I finally got the chance to sit down and put together an email processing script for outgoing voicemail emails that does the following:
Checks to see if outgoing email is HTML and changes Content-Type accordingly
Converts outgoing WAV attachments to MP3
Sends WAV attachment to Microsoft Bing speech recognition and inserts the transcribed message into the outgoing email (NOTE: This requires an Azure account with cognitive services)
Regarding the accuracy, it really depends on how clear the caller’s voice is. If there’s a lot of noise in the background it can have trouble. I find it works pretty well for my needs.
Implemented it this today. It works great except that the Bing Speech to Text REST API only allows for up to 15 seconds of audio. It works for the short voice mails but obviously not the longer ones.

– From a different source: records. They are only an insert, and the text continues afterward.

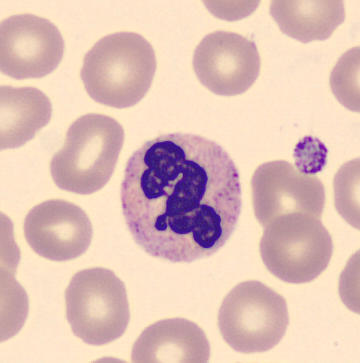 Image: Peripheral blood film.
{"cell_type": "segmented neutrophil", "lineage": "myeloid"}
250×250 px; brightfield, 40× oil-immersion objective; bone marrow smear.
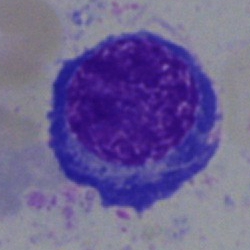

Cell type = erythroblast.
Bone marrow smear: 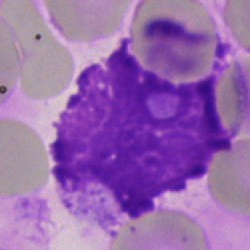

With UCP 13. You could add a new field to the VM and put the transcript into the text file which would show up in UCP. Getting it from the script to that text file is the part I stopped on. Basically text to file though.
I implemented this and am now wondering, anyone have any luck getting it to appear more “grammatically correct”? The text I have returning is one long run-on sentence.
Supposedly, Watson should be able to place punctuation, grammer, etc.
Hmmm…Set this up because a Customer wanted it - the Accuracy through Bing is actually pretty spot-on, but it stops transcribing after the first pause - which is a No-Go.
Cognitive Services Bing Speech API is being retired November 1, 2021 so it won’t work after then anyways - Has anybody looked at translating this to the new Azure Speech Service - I am trying right now, but I have almost Zero experience with Python - If I get it translated I will post it here - the Microsoft docs say it’s easy, but it is certainly not easy for me. Will update as I progress (or don’t) this weekend.
Works perfectly and getting set up with IBM is trivial - and right now they are giving out a $200 credit when you set up a real account (not a free one).
Why isn’t this a standard thing in FreePBX - You could leave the script like it is without any proper credentials, so that it just wouldn’t work unless you had the credentials, but DANG - it works perfectly and the recognition is really spot-on!
This is so cool and really up’s the “Polish” level of FreePBX - Lots of Hosted providers are providing Transcription - now we can too!